In hoger beroep heeft appellante in essentie betoogd dat de ten behoeve van haar kinderen gevraagde bijzondere bijstand op grond van de toepasselijke internationale verdragsbepalingen had moeten worden toegewezen.
3.2.
Het college heeft tijdens het hoger beroep het subsidiaire standpunt ingenomen dat de in artikel 35, eerste lid, van de WWB opgenomen voorwaarden aan bijstandsverlening in de weg staan.
3.3.
Appellante heeft, zoals is weergegeven onder het procesverloop, het standpunt ingenomen dat zij geen belang meer heeft bij een oordeel over de afgewezen aanvraag om bijzondere bijstand.

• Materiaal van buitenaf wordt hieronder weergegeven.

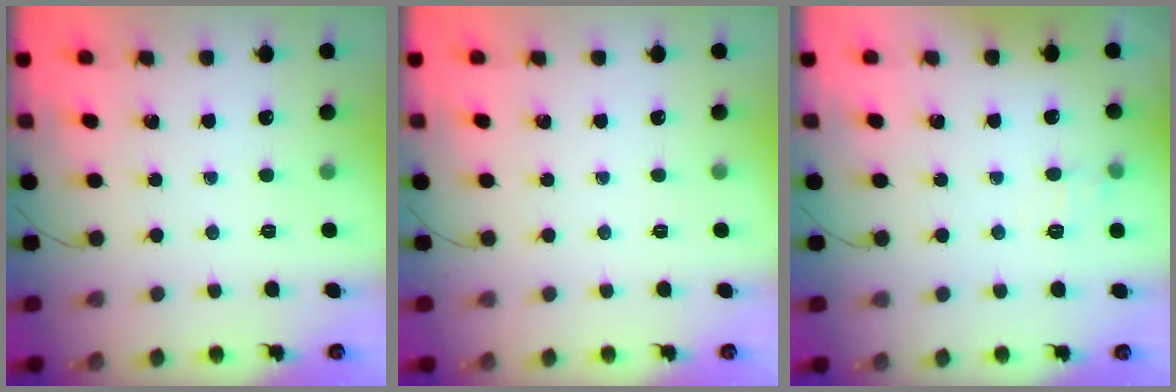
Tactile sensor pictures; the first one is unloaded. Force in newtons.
{"total": 0.0}
{"total": 7.8, "press": 7.6, "slide": 1.7}

4. De Raad komt tot het volgende beoordeling.
4.1.
Gelet op het standpunt van appellante dat zij geen belang meer heeft bij een inhoudelijke beoordeling van het geschil, is het hoger beroep van appellante niet-ontvankelijk.
4.2.
Het geschil tussen partijen beperkt zich nog tot het verzoek van appellante om immateriële schadevergoeding in verband met de overschrijding van redelijke termijn als bedoeld in artikel 6 van het EVRM.

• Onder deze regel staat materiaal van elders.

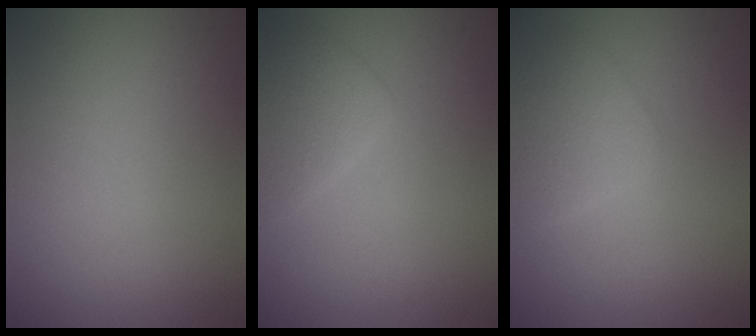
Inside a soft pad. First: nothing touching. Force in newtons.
{"total": 2.2, "press": 2.2, "slide": 0.1}
{"total": 2.2, "press": 2.2, "slide": 0.2}

Schadevergoeding in verband met de overschrijding van de redelijke termijn.
4.3.
Op 1 juli 2013 is de Wet nadeelcompensatie en schadevergoeding bij onrechtmatige besluiten (Stb. 2013, 50) in werking getreden. Op grond van het overgangsrecht blijft op deze zaak het recht van toepassing zoals dat gold vóór 1 juli 2013.
4.4.
Of de redelijke termijn, bedoeld in artikel 6, eerste lid, van het EVRM, is overschreden moet worden beoordeeld aan de hand van de omstandigheden van het geval. Uit de rechtspraak van het Europees Hof voor de Rechten van de Mens (EHRM) volgt dat daarbij van belang zijn de ingewikkeldheid van de zaak, de wijze waarop de zaak door het bestuursorgaan en de rechter is behandeld, het processuele gedrag van appellante gedurende de hele procesgang en de aard van de maatregel en het daardoor getroffen belang van appellante.
4.5.
De redelijke termijn is voor een procedure in drie instanties in zaken zoals deze in beginsel niet overschreden als die procedure in haar geheel niet langer dan vier jaar heeft geduurd (zie de uitspraak van 26 januari 2009, ECLI:NL:CRVB:2009:BH1009). De behandeling van het bezwaar mag ten hoogste een half jaar, de behandeling van het beroep ten hoogste anderhalf jaar en de behandeling van het hoger beroep ten hoogste twee jaar duren, terwijl doorgaans geen sprake is van een te lange behandelingsduur in de rechterlijke fase in haar geheel als deze niet meer dan drie en een half jaar heeft geduurd. De omstandigheden van het geval kunnen aanleiding geven een langere behandelingsduur te rechtvaardigen. In beginsel is een vergoeding gepast van € 500,- per half jaar of gedeelte daarvan waarmee de redelijke termijn is overschreden.
4.6.
Voor de situatie van appellante betekent dit het volgende. Vanaf de ontvangst van het bezwaarschrift op 20 november 2008 tot aan de datum van deze uitspraak zijn negen jaar en zeven maanden verstreken. Er is geen aanleiding voor het oordeel dat in deze zaak de totale lengte van de procedure meer dan vier jaar zou mogen bedragen. De redelijke termijn is dus met vijf jaar en zeven maanden overschreden. Gelet op 1.2 heeft het college de redelijke termijn in de bezwaarfase niet overschreden. De overschrijding van de redelijke termijn heeft plaatsgevonden in de fase van het hoger beroep. Aan appellante zal daarom een schadevergoeding van € 6.000,- worden toegekend, te betalen door de Staat.
4.7.
Anders dan appellante ziet de Raad geen aanleiding voor een hogere schadevergoeding. Appellante wil een hogere schadevergoeding omdat de door haar ingediende aanvraag om bijzondere bijstand kosten van haar twee, destijds minderjarige kinderen betrof. De aanvraag is ingediend en de procedure is aangespannen door appellante. Het is appellante die wordt geacht de spanning en frustratie te hebben ondervonden van het uitblijven van een rechterlijke uitspraak in haar hoger beroep, welke spanning en frustratie de grond vormt voor de toewijzing van de immateriële schadevergoeding.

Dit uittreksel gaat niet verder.